Start of Block
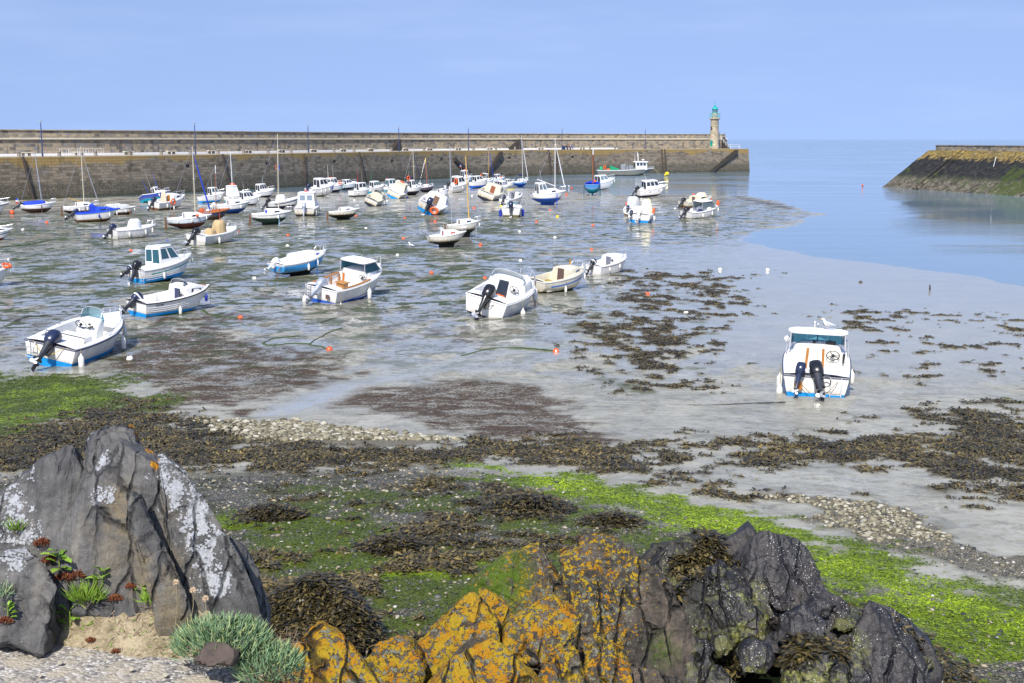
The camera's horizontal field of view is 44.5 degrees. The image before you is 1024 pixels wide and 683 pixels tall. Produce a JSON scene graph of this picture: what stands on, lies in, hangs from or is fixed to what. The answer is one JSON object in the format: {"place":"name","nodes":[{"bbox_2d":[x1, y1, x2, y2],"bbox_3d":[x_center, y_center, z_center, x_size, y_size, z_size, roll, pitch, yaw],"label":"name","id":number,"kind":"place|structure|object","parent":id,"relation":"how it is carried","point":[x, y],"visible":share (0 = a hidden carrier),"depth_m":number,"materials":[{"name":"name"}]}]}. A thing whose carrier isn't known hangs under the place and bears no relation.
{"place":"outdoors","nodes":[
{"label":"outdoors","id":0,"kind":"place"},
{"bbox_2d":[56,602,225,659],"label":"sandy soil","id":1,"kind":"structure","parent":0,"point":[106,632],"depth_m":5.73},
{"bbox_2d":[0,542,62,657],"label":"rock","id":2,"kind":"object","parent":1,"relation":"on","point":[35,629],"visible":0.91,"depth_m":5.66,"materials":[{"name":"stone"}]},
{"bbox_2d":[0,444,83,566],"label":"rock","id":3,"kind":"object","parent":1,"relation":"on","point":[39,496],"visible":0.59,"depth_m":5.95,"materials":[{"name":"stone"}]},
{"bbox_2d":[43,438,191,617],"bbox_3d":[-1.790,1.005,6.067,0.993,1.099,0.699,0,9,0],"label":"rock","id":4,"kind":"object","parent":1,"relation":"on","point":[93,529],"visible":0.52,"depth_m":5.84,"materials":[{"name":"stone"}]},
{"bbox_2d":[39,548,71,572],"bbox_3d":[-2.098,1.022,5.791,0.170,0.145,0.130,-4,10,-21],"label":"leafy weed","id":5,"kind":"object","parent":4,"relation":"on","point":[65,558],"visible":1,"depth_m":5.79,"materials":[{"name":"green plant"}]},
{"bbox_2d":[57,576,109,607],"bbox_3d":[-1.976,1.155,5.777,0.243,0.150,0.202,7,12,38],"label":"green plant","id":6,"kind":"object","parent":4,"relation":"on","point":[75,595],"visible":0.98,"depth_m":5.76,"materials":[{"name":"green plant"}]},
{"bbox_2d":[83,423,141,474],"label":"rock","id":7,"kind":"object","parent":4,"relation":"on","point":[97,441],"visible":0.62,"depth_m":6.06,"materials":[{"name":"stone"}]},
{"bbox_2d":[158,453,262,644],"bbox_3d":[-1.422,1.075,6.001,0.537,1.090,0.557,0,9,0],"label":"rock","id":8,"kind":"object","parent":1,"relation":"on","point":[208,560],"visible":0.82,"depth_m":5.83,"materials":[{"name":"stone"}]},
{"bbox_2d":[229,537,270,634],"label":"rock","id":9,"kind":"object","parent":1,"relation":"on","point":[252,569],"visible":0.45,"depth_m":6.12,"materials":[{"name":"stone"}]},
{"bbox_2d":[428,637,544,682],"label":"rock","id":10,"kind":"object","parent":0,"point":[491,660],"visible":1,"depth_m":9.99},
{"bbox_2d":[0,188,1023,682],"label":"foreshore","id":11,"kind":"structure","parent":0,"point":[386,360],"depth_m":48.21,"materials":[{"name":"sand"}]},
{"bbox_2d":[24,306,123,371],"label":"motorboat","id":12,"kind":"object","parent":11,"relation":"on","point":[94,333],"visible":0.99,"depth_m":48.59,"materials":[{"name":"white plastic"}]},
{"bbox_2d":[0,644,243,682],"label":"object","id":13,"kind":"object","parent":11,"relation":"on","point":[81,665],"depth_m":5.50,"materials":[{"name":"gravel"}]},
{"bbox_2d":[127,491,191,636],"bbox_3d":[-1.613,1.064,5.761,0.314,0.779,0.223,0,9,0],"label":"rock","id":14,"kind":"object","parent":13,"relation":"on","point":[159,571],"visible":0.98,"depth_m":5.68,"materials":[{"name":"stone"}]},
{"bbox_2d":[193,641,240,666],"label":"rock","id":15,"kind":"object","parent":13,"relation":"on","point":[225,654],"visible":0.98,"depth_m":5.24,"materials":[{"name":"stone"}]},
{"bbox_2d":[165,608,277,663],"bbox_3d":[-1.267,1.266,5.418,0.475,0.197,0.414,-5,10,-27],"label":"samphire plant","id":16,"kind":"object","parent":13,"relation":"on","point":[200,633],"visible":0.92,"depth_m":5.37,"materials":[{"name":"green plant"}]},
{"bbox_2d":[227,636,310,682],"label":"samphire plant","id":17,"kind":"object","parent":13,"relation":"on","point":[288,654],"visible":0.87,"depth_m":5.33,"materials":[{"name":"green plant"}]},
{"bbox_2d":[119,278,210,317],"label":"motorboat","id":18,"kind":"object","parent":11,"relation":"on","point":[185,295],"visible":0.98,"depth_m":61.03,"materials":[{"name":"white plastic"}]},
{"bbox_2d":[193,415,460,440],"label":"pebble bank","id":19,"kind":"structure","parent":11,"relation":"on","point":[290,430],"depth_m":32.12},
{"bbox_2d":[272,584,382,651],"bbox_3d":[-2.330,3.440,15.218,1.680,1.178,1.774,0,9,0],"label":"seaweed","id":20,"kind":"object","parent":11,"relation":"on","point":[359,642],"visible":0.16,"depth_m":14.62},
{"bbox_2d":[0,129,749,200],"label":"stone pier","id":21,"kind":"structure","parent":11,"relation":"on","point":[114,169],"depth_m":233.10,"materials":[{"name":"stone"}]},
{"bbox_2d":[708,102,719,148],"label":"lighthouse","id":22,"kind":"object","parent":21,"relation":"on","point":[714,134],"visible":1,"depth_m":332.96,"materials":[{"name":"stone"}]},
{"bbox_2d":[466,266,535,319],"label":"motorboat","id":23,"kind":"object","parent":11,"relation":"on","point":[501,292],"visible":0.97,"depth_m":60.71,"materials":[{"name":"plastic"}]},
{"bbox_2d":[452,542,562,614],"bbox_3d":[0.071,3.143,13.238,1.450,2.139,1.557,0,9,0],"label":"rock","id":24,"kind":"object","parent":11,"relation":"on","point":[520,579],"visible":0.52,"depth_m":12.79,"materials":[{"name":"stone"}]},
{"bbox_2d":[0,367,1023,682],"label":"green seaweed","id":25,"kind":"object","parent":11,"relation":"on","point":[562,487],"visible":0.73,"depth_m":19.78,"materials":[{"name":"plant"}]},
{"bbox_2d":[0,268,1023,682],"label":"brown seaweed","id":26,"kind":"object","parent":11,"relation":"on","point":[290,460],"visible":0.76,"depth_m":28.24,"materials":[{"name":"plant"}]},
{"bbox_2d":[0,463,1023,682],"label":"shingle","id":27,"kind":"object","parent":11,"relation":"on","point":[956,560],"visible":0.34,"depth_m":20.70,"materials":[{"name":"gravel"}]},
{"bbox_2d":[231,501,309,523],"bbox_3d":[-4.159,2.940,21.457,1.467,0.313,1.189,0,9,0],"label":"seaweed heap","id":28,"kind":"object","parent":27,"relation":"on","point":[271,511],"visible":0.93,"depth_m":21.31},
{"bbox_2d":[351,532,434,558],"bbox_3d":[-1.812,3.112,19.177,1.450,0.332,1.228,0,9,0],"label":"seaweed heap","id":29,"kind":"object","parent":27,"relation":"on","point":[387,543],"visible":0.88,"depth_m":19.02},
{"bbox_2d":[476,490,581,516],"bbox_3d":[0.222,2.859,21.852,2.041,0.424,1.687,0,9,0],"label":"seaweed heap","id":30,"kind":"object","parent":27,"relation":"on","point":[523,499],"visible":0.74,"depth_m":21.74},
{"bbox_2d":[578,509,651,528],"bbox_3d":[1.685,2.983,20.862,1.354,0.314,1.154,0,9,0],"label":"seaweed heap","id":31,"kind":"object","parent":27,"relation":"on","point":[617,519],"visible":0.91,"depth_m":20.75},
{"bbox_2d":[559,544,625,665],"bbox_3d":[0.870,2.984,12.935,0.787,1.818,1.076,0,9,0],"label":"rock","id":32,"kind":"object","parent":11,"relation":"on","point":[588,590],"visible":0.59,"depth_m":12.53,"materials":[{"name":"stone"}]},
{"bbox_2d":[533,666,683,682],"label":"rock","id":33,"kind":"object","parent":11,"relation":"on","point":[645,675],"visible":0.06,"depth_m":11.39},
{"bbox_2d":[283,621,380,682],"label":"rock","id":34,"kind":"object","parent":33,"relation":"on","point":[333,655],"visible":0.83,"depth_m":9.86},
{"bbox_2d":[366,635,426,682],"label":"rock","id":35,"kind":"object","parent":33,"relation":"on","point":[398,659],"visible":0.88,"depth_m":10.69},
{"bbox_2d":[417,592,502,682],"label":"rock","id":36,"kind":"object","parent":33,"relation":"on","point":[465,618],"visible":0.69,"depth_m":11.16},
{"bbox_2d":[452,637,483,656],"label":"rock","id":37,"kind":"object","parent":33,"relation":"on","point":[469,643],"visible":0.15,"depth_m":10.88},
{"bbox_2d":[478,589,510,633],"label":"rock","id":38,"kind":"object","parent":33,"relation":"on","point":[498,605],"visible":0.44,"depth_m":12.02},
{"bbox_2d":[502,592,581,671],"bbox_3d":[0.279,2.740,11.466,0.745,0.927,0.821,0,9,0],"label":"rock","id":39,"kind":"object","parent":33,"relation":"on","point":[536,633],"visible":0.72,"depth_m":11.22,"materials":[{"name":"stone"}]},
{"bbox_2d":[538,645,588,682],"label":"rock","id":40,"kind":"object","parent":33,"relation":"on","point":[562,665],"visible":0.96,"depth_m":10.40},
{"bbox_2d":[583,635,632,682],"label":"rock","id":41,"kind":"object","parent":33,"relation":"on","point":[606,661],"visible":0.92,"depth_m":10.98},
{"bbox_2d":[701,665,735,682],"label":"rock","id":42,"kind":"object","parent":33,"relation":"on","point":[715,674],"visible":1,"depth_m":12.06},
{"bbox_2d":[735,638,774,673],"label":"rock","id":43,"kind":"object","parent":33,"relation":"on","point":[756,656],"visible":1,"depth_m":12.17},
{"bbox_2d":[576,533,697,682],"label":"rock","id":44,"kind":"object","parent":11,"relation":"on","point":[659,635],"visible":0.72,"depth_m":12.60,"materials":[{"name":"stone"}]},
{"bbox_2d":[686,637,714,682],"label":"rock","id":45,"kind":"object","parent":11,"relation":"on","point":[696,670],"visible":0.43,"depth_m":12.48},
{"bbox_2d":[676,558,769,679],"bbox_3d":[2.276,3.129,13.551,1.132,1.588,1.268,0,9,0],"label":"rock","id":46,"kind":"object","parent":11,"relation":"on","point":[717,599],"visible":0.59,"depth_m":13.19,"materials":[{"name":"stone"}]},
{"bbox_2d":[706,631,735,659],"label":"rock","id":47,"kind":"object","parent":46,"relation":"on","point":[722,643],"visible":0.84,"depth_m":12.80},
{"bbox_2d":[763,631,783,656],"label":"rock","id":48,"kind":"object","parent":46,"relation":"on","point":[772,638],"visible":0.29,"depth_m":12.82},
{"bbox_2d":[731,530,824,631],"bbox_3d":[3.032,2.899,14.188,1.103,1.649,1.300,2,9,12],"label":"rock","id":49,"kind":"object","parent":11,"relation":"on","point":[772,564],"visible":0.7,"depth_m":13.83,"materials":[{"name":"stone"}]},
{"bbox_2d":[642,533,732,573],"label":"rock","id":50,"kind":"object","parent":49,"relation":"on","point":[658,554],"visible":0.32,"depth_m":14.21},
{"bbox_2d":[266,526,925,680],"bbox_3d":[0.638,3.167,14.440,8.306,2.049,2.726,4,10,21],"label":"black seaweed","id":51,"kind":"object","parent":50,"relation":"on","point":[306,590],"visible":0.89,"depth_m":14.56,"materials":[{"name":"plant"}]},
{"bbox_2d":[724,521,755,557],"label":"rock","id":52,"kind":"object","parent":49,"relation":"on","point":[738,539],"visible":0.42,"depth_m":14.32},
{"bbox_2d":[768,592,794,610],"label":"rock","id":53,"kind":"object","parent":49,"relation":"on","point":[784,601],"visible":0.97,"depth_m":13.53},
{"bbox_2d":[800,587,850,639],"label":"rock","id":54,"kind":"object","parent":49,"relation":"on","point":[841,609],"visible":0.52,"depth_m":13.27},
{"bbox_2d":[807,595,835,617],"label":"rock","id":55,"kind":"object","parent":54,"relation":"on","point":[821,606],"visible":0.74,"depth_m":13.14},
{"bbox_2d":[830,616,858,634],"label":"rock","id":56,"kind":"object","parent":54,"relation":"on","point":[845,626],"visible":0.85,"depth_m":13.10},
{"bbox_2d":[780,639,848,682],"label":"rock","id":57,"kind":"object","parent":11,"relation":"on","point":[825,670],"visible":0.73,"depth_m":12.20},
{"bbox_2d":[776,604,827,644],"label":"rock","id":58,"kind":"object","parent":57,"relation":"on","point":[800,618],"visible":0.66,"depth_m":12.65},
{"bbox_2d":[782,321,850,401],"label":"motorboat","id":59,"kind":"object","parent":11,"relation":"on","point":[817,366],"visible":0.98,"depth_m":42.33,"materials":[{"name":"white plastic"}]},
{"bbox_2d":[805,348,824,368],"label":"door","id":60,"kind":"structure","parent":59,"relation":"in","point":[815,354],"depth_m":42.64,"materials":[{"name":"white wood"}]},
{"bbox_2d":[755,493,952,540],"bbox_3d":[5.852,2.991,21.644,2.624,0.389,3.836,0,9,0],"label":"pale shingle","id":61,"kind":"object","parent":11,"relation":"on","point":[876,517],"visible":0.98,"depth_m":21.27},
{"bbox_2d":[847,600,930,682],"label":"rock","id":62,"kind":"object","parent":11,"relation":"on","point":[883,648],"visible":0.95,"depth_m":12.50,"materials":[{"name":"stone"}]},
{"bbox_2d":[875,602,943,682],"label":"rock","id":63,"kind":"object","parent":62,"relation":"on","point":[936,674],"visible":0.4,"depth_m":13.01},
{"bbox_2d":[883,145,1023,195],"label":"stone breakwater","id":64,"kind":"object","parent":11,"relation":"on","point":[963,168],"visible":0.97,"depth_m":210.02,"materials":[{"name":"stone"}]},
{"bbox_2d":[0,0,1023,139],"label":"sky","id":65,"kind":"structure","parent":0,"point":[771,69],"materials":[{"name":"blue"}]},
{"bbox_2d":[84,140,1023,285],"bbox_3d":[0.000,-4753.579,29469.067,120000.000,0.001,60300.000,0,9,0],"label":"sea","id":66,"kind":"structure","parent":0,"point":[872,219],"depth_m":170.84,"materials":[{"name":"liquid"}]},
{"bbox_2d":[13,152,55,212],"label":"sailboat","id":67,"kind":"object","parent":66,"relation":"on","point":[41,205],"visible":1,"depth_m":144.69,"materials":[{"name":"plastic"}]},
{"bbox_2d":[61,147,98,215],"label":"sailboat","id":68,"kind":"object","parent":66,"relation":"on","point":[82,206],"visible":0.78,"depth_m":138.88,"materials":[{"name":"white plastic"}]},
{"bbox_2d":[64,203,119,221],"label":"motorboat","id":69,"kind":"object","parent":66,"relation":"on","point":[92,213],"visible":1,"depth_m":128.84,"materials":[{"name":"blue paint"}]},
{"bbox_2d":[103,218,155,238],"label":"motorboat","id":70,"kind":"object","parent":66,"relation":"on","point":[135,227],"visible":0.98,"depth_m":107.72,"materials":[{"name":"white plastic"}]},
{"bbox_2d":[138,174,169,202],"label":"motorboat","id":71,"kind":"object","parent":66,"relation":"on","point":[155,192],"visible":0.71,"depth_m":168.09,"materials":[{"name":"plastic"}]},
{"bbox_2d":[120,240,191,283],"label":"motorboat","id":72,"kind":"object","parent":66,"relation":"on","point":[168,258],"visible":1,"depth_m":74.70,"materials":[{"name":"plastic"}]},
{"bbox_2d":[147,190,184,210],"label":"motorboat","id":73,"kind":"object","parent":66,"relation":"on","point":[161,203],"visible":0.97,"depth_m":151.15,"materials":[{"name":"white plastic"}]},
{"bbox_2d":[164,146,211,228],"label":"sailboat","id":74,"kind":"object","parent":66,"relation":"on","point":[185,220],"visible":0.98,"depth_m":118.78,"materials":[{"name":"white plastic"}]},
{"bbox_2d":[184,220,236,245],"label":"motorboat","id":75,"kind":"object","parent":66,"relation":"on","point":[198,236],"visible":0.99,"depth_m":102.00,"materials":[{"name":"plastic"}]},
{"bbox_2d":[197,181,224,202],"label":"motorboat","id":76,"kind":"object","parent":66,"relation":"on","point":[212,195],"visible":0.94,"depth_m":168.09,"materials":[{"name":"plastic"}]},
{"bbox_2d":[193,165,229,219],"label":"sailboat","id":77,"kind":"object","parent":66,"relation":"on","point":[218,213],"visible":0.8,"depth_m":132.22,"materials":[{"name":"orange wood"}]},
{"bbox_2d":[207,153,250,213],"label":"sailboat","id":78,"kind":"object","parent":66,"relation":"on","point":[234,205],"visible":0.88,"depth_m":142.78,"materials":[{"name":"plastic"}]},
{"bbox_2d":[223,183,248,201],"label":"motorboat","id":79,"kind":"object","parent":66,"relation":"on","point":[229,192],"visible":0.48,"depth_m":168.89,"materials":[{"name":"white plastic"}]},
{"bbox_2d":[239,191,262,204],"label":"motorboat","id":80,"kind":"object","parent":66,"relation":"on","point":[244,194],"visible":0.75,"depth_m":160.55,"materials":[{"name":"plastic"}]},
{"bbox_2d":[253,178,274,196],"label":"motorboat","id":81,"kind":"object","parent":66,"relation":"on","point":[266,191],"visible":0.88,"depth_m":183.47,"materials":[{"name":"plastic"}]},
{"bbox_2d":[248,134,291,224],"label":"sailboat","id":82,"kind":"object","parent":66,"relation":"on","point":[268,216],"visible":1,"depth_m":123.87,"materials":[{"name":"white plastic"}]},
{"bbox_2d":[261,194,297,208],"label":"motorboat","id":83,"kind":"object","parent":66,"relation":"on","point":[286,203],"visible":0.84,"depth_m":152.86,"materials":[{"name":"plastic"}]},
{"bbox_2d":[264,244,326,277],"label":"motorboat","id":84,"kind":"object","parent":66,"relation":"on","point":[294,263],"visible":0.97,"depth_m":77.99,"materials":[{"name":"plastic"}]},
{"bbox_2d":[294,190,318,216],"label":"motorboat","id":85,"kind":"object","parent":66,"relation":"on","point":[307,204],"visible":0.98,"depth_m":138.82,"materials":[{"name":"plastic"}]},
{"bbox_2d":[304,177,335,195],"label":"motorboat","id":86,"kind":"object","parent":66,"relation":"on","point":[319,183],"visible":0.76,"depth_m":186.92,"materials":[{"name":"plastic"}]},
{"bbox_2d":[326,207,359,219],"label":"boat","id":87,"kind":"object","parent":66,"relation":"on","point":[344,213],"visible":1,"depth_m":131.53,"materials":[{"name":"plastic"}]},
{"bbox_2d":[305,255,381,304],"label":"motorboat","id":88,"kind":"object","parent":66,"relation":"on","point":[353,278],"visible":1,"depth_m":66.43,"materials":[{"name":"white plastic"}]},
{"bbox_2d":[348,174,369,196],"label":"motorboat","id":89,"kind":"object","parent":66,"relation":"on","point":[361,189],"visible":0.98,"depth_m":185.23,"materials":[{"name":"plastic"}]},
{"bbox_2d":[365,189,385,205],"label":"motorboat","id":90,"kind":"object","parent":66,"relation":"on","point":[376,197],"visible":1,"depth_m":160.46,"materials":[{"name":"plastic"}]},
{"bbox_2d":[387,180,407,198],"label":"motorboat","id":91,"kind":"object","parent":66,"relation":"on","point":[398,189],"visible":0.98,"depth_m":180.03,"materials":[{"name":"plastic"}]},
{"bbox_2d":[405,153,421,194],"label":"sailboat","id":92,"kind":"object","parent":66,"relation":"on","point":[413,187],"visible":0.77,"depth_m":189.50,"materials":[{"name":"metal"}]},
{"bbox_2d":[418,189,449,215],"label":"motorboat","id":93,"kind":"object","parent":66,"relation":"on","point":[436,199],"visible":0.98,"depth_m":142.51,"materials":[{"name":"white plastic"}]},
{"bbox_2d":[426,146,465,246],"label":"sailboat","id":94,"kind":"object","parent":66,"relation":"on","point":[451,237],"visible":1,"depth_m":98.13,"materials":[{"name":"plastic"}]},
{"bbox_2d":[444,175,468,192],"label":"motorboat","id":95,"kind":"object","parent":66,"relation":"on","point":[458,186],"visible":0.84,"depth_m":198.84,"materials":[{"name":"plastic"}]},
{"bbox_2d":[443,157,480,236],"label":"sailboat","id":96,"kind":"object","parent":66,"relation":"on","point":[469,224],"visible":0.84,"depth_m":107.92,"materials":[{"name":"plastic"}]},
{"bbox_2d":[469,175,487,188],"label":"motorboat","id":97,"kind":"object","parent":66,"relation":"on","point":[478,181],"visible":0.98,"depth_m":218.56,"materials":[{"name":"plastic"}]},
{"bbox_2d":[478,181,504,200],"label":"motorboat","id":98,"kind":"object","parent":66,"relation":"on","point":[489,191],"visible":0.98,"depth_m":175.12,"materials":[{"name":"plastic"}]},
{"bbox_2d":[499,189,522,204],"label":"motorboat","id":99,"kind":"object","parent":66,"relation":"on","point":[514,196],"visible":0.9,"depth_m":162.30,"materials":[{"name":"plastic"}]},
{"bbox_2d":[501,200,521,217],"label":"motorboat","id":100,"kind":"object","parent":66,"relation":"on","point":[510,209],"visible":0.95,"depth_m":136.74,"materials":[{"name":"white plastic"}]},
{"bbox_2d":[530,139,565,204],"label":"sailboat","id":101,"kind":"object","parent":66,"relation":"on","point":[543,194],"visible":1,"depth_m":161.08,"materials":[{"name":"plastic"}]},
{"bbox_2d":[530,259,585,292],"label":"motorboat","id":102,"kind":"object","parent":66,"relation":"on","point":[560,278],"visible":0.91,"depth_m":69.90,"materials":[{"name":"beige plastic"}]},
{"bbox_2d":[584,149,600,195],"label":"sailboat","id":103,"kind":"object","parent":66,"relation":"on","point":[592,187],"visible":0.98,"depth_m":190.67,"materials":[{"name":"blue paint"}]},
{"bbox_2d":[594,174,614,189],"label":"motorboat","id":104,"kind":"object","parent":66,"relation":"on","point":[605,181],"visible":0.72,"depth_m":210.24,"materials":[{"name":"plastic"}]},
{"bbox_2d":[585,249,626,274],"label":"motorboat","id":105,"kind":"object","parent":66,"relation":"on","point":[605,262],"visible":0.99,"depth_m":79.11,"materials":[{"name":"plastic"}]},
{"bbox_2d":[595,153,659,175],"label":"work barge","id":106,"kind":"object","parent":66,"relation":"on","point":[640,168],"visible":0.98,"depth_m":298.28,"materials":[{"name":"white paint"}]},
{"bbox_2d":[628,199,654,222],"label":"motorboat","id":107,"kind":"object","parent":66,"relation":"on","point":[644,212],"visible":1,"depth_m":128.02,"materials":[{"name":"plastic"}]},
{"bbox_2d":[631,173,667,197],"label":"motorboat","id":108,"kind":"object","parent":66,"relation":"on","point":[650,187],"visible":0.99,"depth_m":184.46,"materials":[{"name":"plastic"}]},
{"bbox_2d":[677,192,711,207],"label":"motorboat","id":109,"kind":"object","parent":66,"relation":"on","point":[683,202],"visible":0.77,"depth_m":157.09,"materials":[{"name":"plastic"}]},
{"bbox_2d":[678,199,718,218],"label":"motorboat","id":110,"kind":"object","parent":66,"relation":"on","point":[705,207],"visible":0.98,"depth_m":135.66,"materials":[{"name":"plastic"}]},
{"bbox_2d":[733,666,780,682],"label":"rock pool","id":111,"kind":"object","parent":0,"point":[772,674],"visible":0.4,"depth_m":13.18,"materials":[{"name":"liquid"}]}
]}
End of Block
[Exercise] Gather up every line from the listing above in which the word "heap" occurs.

[Answer for the task]
{"bbox_2d":[231,501,309,523],"bbox_3d":[-4.159,2.940,21.457,1.467,0.313,1.189,0,9,0],"label":"seaweed heap","id":28,"kind":"object","parent":27,"relation":"on","point":[271,511],"visible":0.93,"depth_m":21.31},
{"bbox_2d":[351,532,434,558],"bbox_3d":[-1.812,3.112,19.177,1.450,0.332,1.228,0,9,0],"label":"seaweed heap","id":29,"kind":"object","parent":27,"relation":"on","point":[387,543],"visible":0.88,"depth_m":19.02},
{"bbox_2d":[476,490,581,516],"bbox_3d":[0.222,2.859,21.852,2.041,0.424,1.687,0,9,0],"label":"seaweed heap","id":30,"kind":"object","parent":27,"relation":"on","point":[523,499],"visible":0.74,"depth_m":21.74},
{"bbox_2d":[578,509,651,528],"bbox_3d":[1.685,2.983,20.862,1.354,0.314,1.154,0,9,0],"label":"seaweed heap","id":31,"kind":"object","parent":27,"relation":"on","point":[617,519],"visible":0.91,"depth_m":20.75},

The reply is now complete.